__Directions__
Taking the line that contains "218.86h-2.824c0 18.195-10.863 29.059-29.059" as the first, copy exactly every line through the last line of the records, and nothing else.

__Dataset entries__
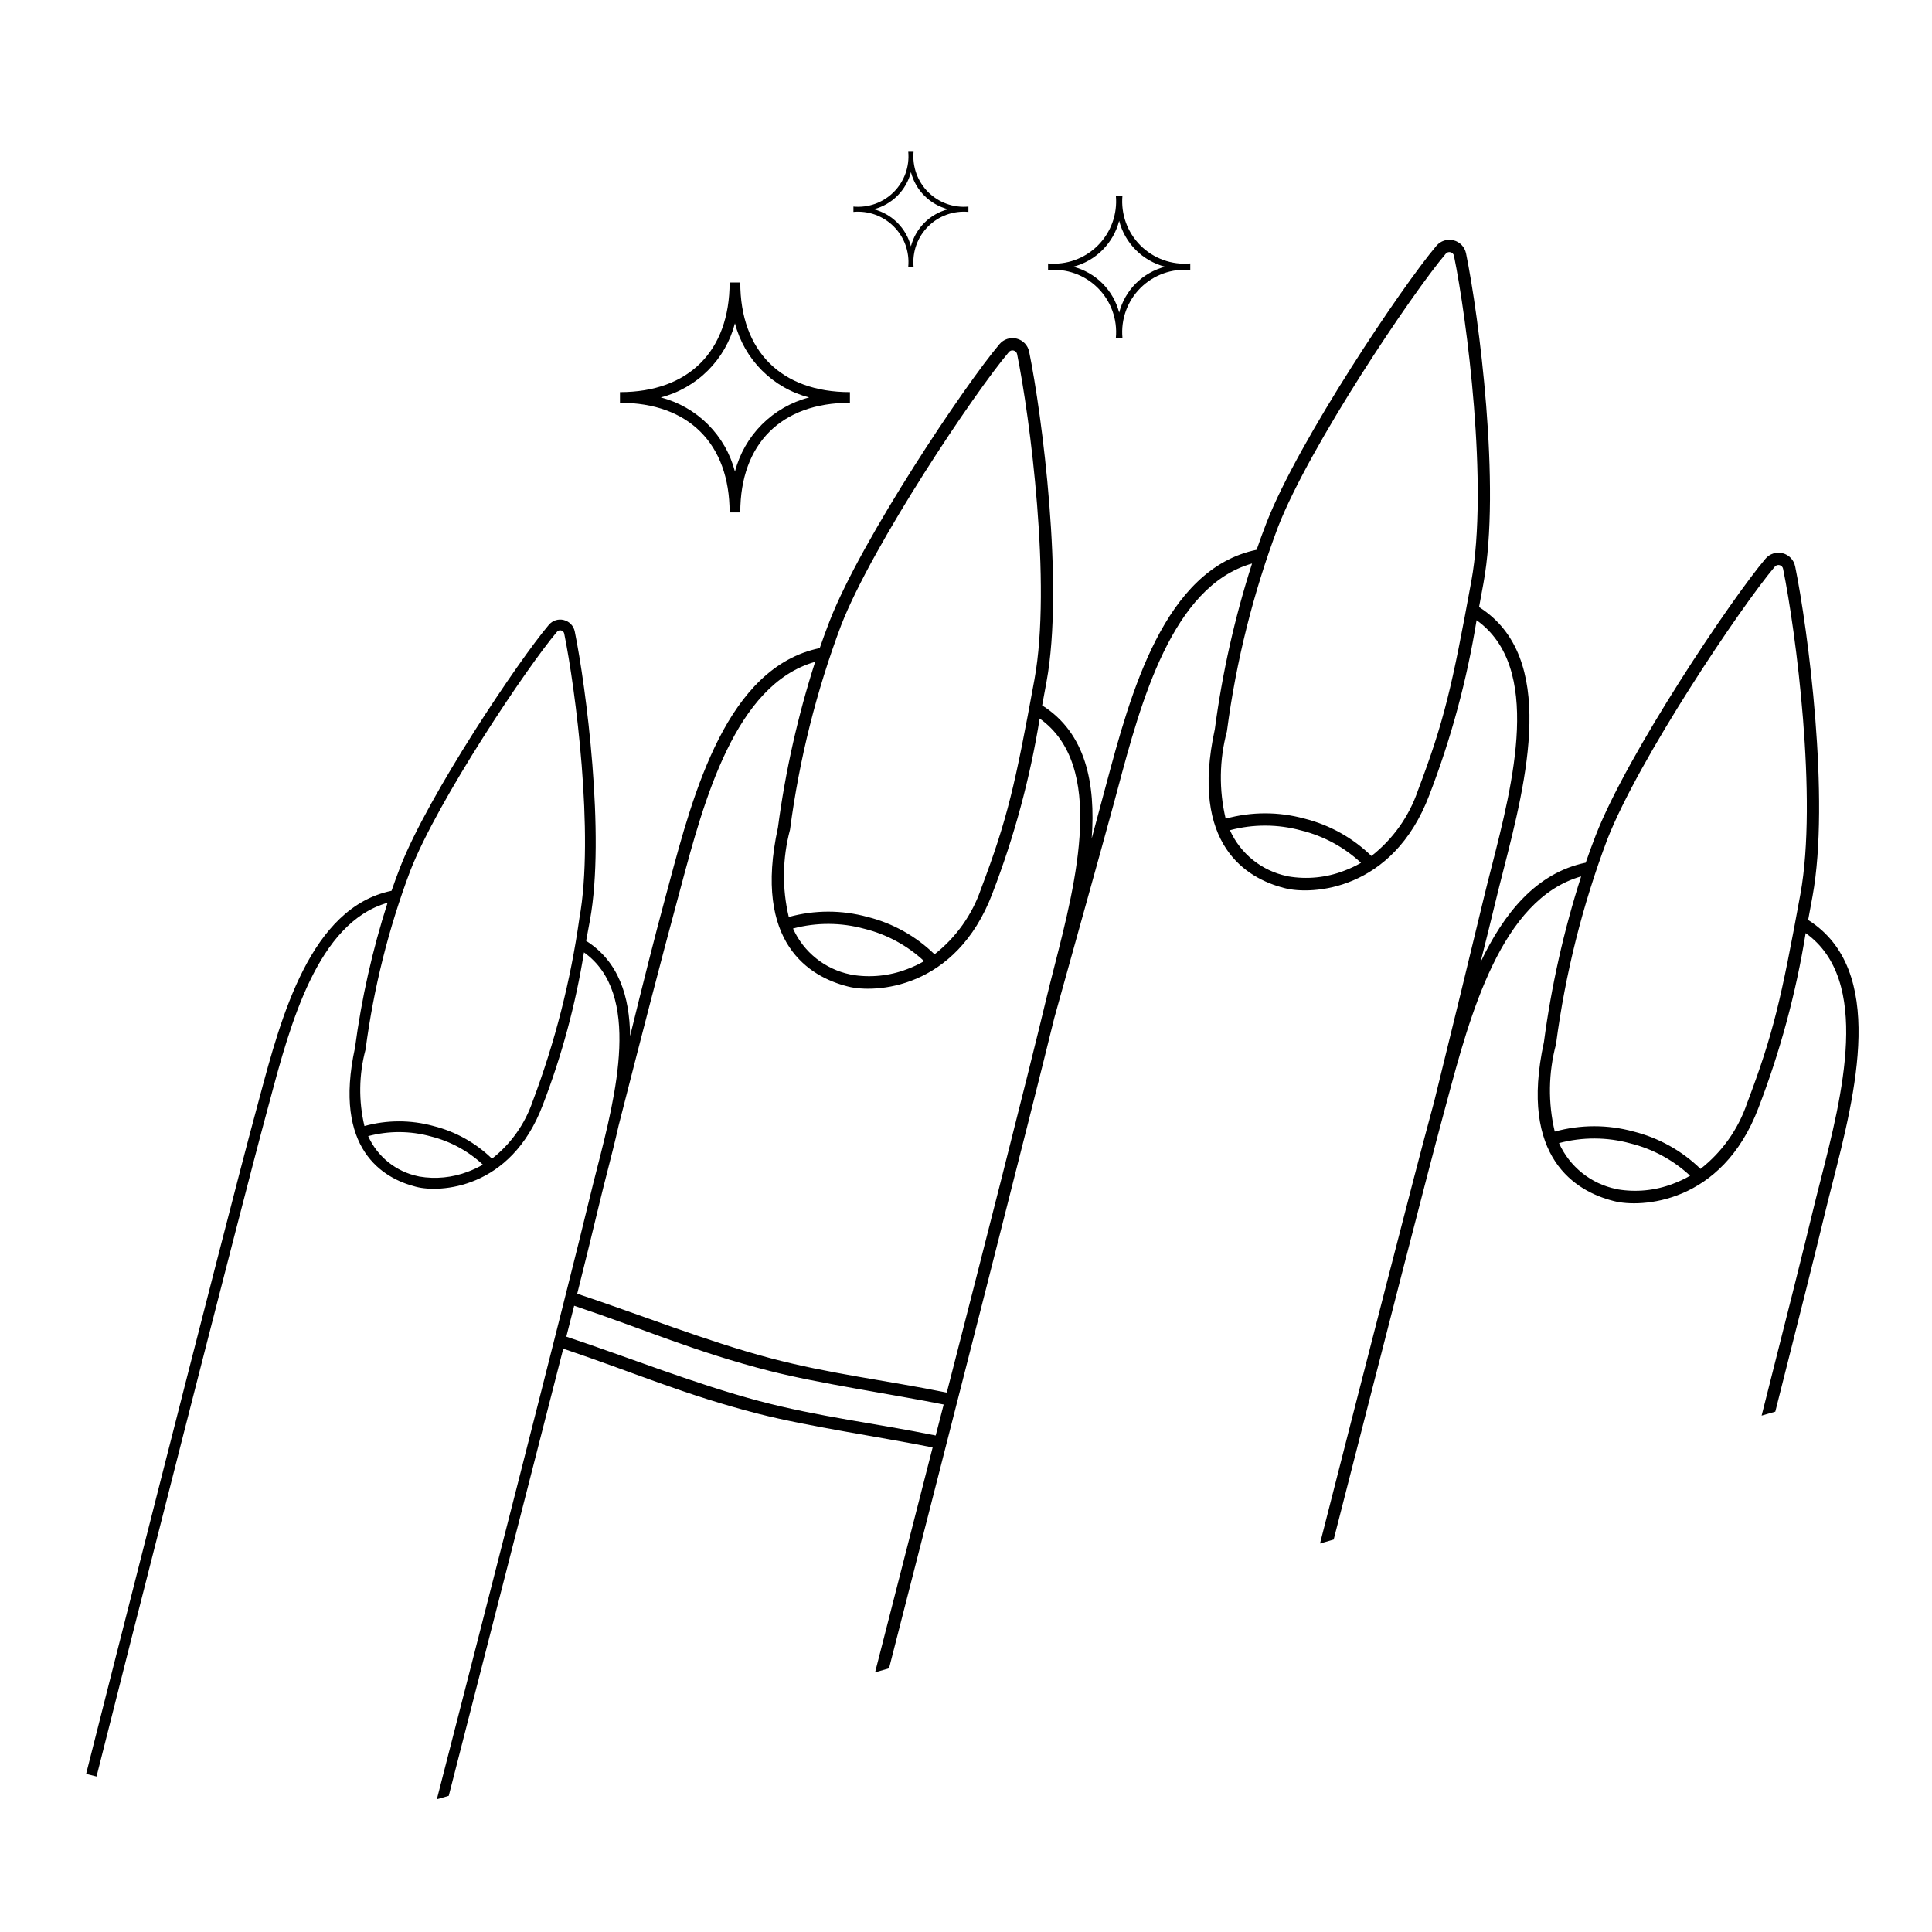 <?xml version="1.0" encoding="UTF-8"?>
<!-- Uploaded to: SVG Repo, www.svgrepo.com, Generator: SVG Repo Mixer Tools -->
<svg fill="#000000" width="800px" height="800px" version="1.1" viewBox="144 144 512 512" xmlns="http://www.w3.org/2000/svg">
 <g>
  <path d="m214.55 439.25c0.34-1.246 0.684-2.527 1.035-3.848 5.32-19.891 12.551-46.902 31.121-52.152-4.016 12.52-6.902 25.375-8.629 38.406-5.875 26.945 7.5 34.637 16.066 36.824l0.25 0.062c5.969 1.523 24.922 0.82 33.426-21.645v0.004c5.043-13.086 8.711-26.66 10.941-40.508 15.316 10.898 8.469 37.684 3.441 57.348-0.668 2.609-1.297 5.07-1.855 7.41-5.84 24.414-30.664 121.14-40.574 159.67l3.152-0.914c8.777-34.258 27.566-107.61 30.348-118.49 18.82 6.309 32.109 12.25 51.832 17.285 13.086 3.34 32.41 6.152 46.059 8.883-1.496 5.797-8.195 31.988-15.258 59.602l3.699-1.07c16.371-63.898 38.082-148.87 43.77-172.26 6.062-21.832 12.031-43.07 15.684-56.516 0.387-1.426 0.781-2.891 1.184-4.398 6.082-22.734 14.344-53.605 35.57-59.609h-0.004c-4.59 14.309-7.891 29.004-9.863 43.902-6.715 30.797 8.574 39.59 18.363 42.09l0.09 0.023 0.199 0.051c6.824 1.742 28.484 0.938 38.207-24.738v-0.004c5.762-14.957 9.953-30.473 12.504-46.297 17.508 12.457 9.68 43.074 3.934 65.547-0.762 2.981-1.484 5.797-2.121 8.469-3.156 13.199-8.105 33.438-13.074 53.641-0.309 1.148-0.613 2.297-0.914 3.394-4.031 14.832-16.445 63.191-29.32 113.63l3.625-1.051c13.059-51.082 25.395-99.078 28.832-111.73 0.387-1.426 0.781-2.891 1.184-4.398 6.082-22.734 14.344-53.605 35.57-59.609h-0.004c-4.59 14.312-7.891 29.004-9.863 43.902-6.715 30.797 8.574 39.59 18.363 42.09l0.09 0.023 0.199 0.051c6.82 1.742 28.484 0.938 38.207-24.738 5.762-14.961 9.953-30.477 12.504-46.301 17.508 12.457 9.68 43.074 3.934 65.547-0.762 2.981-1.484 5.797-2.121 8.469-2.082 8.711-7.109 28.723-13.484 53.855l3.621-1.047c6.152-24.266 10.992-43.547 13.027-52.051 0.633-2.648 1.352-5.449 2.109-8.422 6.109-23.887 14.477-56.602-6.414-69.824l-0.02 0.031c0.375-2.004 0.762-4.098 1.168-6.324 4.688-25.641-1.203-70.785-4.609-87.441l-0.008 0.004c-0.336-1.691-1.617-3.043-3.289-3.465h-0.004l-0.004-0.004c-1.672-0.434-3.445 0.137-4.555 1.457-9.059 10.664-36.539 51.605-44.988 73.301-0.941 2.422-1.824 4.844-2.652 7.25-13.082 2.699-21.688 13.375-27.879 26.395 1.496-5.91 2.836-11.312 3.93-15.883 0.633-2.648 1.352-5.453 2.109-8.422 6.109-23.887 14.477-56.602-6.414-69.824l-0.02 0.031c0.375-2.004 0.762-4.102 1.168-6.324 4.688-25.641-1.203-70.785-4.609-87.441v0.008c-0.34-1.695-1.621-3.043-3.293-3.469h-0.008c-1.672-0.434-3.445 0.133-4.555 1.457-9.059 10.66-36.539 51.605-44.988 73.301-0.941 2.422-1.824 4.844-2.652 7.25-24.578 5.074-33.445 38.195-39.922 62.402-0.402 1.5-0.797 2.965-1.18 4.387-0.793 2.922-1.672 6.203-2.606 9.727 1.059-14.539-1.5-27.922-13.117-35.273l-0.02 0.031c0.375-2.004 0.762-4.102 1.168-6.324 4.688-25.641-1.203-70.785-4.609-87.441v0.008c-0.336-1.695-1.617-3.043-3.293-3.469h-0.004c-1.672-0.434-3.445 0.133-4.559 1.457-9.059 10.66-36.539 51.605-44.988 73.301-0.941 2.422-1.824 4.844-2.652 7.25-24.574 5.074-33.441 38.195-39.918 62.402-0.402 1.5-0.793 2.969-1.18 4.387-2.539 9.344-5.773 22.191-9.156 36-0.121-10.453-3.008-19.73-11.637-25.191l-0.02 0.027c0.328-1.754 0.664-3.586 1.02-5.531 4.102-22.434-1.051-61.93-4.031-76.5v0.004c-0.293-1.48-1.414-2.66-2.879-3.031h-0.004v-0.004c-1.465-0.379-3.016 0.117-3.988 1.277-7.926 9.328-31.969 45.148-39.359 64.133-0.824 2.117-1.598 4.238-2.32 6.344-21.504 4.441-29.262 33.418-34.926 54.598-0.352 1.312-0.695 2.594-1.031 3.84-8.164 30.059-44.23 172.59-44.984 175.59l2.758 0.691c6.859-27.355 38.457-151.56 44.969-175.54zm372.82 18.461c-4.699 1.805-9.801 2.309-14.762 1.461l-0.207-0.051-0.086-0.023h-0.004c-6.711-1.383-12.352-5.906-15.16-12.16 6.207-1.652 12.746-1.629 18.941 0.078l0.02 0.004c5.902 1.473 11.332 4.418 15.785 8.562-1.445 0.836-2.961 1.547-4.527 2.129zm-17.461-91.156c8.332-21.402 35.484-61.84 44.434-72.379 0.309-0.375 0.805-0.535 1.277-0.41 0.469 0.113 0.828 0.492 0.914 0.969 3.367 16.461 9.199 61.023 4.594 86.203-5.102 27.906-7.16 37-14.16 55.496-2.336 6.852-6.613 12.875-12.312 17.336-4.934-4.809-11.055-8.227-17.738-9.898l-0.02-0.004-0.004-0.004c-6.832-1.871-14.039-1.867-20.867 0.02-1.805-7.613-1.695-15.551 0.32-23.109l0.027-0.168c2.43-18.477 6.973-36.609 13.535-54.051zm-69.75 8.23c-4.699 1.809-9.801 2.312-14.762 1.465l-0.207-0.051-0.086-0.023h-0.004c-6.711-1.387-12.352-5.906-15.16-12.16 6.207-1.656 12.746-1.629 18.941 0.078l0.02 0.004c5.902 1.469 11.332 4.418 15.785 8.562-1.445 0.836-2.961 1.547-4.527 2.125zm-17.461-91.152c8.332-21.402 35.484-61.84 44.434-72.379 0.309-0.379 0.805-0.539 1.277-0.41 0.469 0.113 0.828 0.492 0.914 0.969 3.367 16.461 9.199 61.023 4.594 86.203-5.102 27.906-7.16 37-14.16 55.496v-0.004c-2.336 6.852-6.613 12.875-12.312 17.34-4.934-4.809-11.055-8.227-17.738-9.902l-0.02-0.004h-0.004c-6.832-1.875-14.039-1.867-20.867 0.016-1.805-7.609-1.695-15.547 0.32-23.105l0.027-0.168c2.43-18.477 6.973-36.613 13.535-54.051zm-90.727 240.79c-15.949-3.242-30.98-4.941-46.809-9.145-16.895-4.488-34.578-11.562-51.082-17.051 0.676-2.644 1.363-5.363 2.078-8.191 18.828 6.312 32.113 12.254 51.844 17.289 13.094 3.344 32.434 6.156 46.082 8.887-0.734 2.859-1.441 5.606-2.113 8.211zm-25.055-214.74c8.332-21.402 35.484-61.836 44.438-72.375 0.305-0.379 0.805-0.539 1.273-0.41h0.004c0.469 0.113 0.824 0.492 0.914 0.969 3.367 16.461 9.199 61.023 4.594 86.203-5.102 27.902-7.16 37-14.16 55.492-2.336 6.852-6.617 12.875-12.312 17.34-4.938-4.809-11.059-8.227-17.742-9.902l-0.02-0.004c-6.832-1.875-14.043-1.867-20.871 0.016-1.805-7.609-1.691-15.547 0.324-23.105l0.027-0.168c2.43-18.477 6.969-36.613 13.531-54.055zm21.988 89.027v0.004c-1.445 0.836-2.957 1.547-4.523 2.125-4.703 1.809-9.801 2.312-14.766 1.465l-0.207-0.051-0.086-0.023c-6.715-1.387-12.355-5.906-15.164-12.16 6.211-1.656 12.746-1.629 18.941 0.078l0.02 0.004c5.902 1.469 11.336 4.418 15.785 8.562zm-65.633-15.312c0.387-1.426 0.781-2.891 1.184-4.398 6.082-22.734 14.344-53.605 35.57-59.609-4.59 14.309-7.891 29-9.863 43.902-6.715 30.797 8.574 39.59 18.363 42.09l0.09 0.023 0.199 0.051c6.82 1.742 28.484 0.934 38.207-24.738l-0.004-0.004c5.762-14.957 9.953-30.473 12.508-46.297 17.508 12.457 9.68 43.074 3.934 65.547-0.762 2.981-1.48 5.797-2.121 8.469-5.172 21.625-17.594 70.23-26.434 104.62-15.961-3.246-30.996-4.941-46.832-9.148-16.902-4.488-34.594-11.57-51.105-17.059 2.023-8.066 4.137-16.621 6.148-25.031 0.555-2.316 1.18-4.769 1.848-7.367 0.984-3.844 2.031-7.949 2.977-12.16 5.789-22.695 11.562-45 15.332-58.887zm-55.262 71.113c-4.113 1.578-8.574 2.019-12.918 1.277l-0.18-0.047-0.074-0.02-0.004 0.004c-5.871-1.211-10.805-5.168-13.266-10.641 5.434-1.445 11.152-1.426 16.574 0.066l0.02 0.004-0.004 0.004c5.164 1.285 9.918 3.863 13.812 7.488-1.266 0.73-2.59 1.355-3.961 1.863zm-15.277-79.754c7.289-18.727 31.043-54.102 38.875-63.324 0.27-0.328 0.707-0.469 1.117-0.359 0.41 0.102 0.727 0.434 0.801 0.848 2.945 14.402 8.047 53.391 4.019 75.422-2.328 16.59-6.484 32.875-12.391 48.551-2.043 5.996-5.785 11.266-10.77 15.168-4.32-4.207-9.676-7.195-15.523-8.66l-0.02-0.004 0.004-0.004c-5.981-1.637-12.285-1.633-18.262 0.016-1.578-6.656-1.48-13.602 0.281-20.215l0.023-0.148h0.004c2.125-16.164 6.098-32.031 11.84-47.289z"/>
  <path d="m441.46 195.84h-1.746c0.457 4.891-1.293 9.734-4.766 13.207-3.473 3.473-8.312 5.219-13.203 4.766v1.746c4.891-0.453 9.73 1.293 13.203 4.766 3.473 3.473 5.223 8.312 4.766 13.207h1.746c-0.453-4.894 1.293-9.734 4.766-13.207 3.477-3.473 8.316-5.219 13.207-4.766v-1.746c-4.891 0.453-9.73-1.293-13.207-4.766-3.473-3.473-5.219-8.316-4.766-13.207zm-0.875 31.004h0.004c-0.762-2.926-2.289-5.598-4.426-7.734-2.137-2.137-4.809-3.664-7.734-4.426 2.926-0.758 5.598-2.285 7.734-4.422 2.137-2.137 3.664-4.809 4.426-7.734 0.758 2.926 2.285 5.598 4.422 7.734 2.141 2.137 4.809 3.664 7.734 4.422-2.926 0.762-5.594 2.289-7.734 4.426-2.137 2.137-3.664 4.809-4.422 7.734z"/>
  <path d="m386.11 184.22h-1.414c0.367 3.953-1.043 7.867-3.852 10.676-2.809 2.805-6.719 4.219-10.676 3.852v1.41c3.957-0.367 7.867 1.047 10.676 3.856 2.809 2.805 4.223 6.719 3.852 10.672h1.414c-0.367-3.953 1.043-7.867 3.852-10.672 2.809-2.809 6.723-4.223 10.676-3.856v-1.41c-3.953 0.367-7.867-1.047-10.676-3.852-2.809-2.809-4.219-6.723-3.852-10.676zm-0.707 25.062c-1.25-4.816-5.012-8.578-9.828-9.828 4.816-1.25 8.578-5.012 9.828-9.832 1.25 4.82 5.012 8.578 9.828 9.832-4.816 1.25-8.578 5.012-9.828 9.828z"/>
  <path d="m340.18 218.86h-2.824c0 18.195-10.863 29.059-29.059 29.059v2.824c18.195 0 29.059 10.863 29.059 29.059h2.824c0-18.195 10.863-29.059 29.059-29.059v-2.824c-18.195 0-29.059-10.863-29.059-29.059zm-1.41 50.129v-0.004c-1.23-4.731-3.699-9.047-7.156-12.504-3.453-3.453-7.773-5.926-12.504-7.152 4.731-1.227 9.051-3.699 12.504-7.152 3.457-3.457 5.926-7.773 7.156-12.504 1.227 4.731 3.695 9.047 7.152 12.504 3.457 3.453 7.773 5.926 12.504 7.152-4.731 1.227-9.047 3.699-12.504 7.152-3.457 3.457-5.926 7.773-7.152 12.504z"/>
 </g>
</svg>

__Result__
  <path d="m340.18 218.86h-2.824c0 18.195-10.863 29.059-29.059 29.059v2.824c18.195 0 29.059 10.863 29.059 29.059h2.824c0-18.195 10.863-29.059 29.059-29.059v-2.824c-18.195 0-29.059-10.863-29.059-29.059zm-1.41 50.129v-0.004c-1.23-4.731-3.699-9.047-7.156-12.504-3.453-3.453-7.773-5.926-12.504-7.152 4.731-1.227 9.051-3.699 12.504-7.152 3.457-3.457 5.926-7.773 7.156-12.504 1.227 4.731 3.695 9.047 7.152 12.504 3.457 3.453 7.773 5.926 12.504 7.152-4.731 1.227-9.047 3.699-12.504 7.152-3.457 3.457-5.926 7.773-7.152 12.504z"/>
 </g>
</svg>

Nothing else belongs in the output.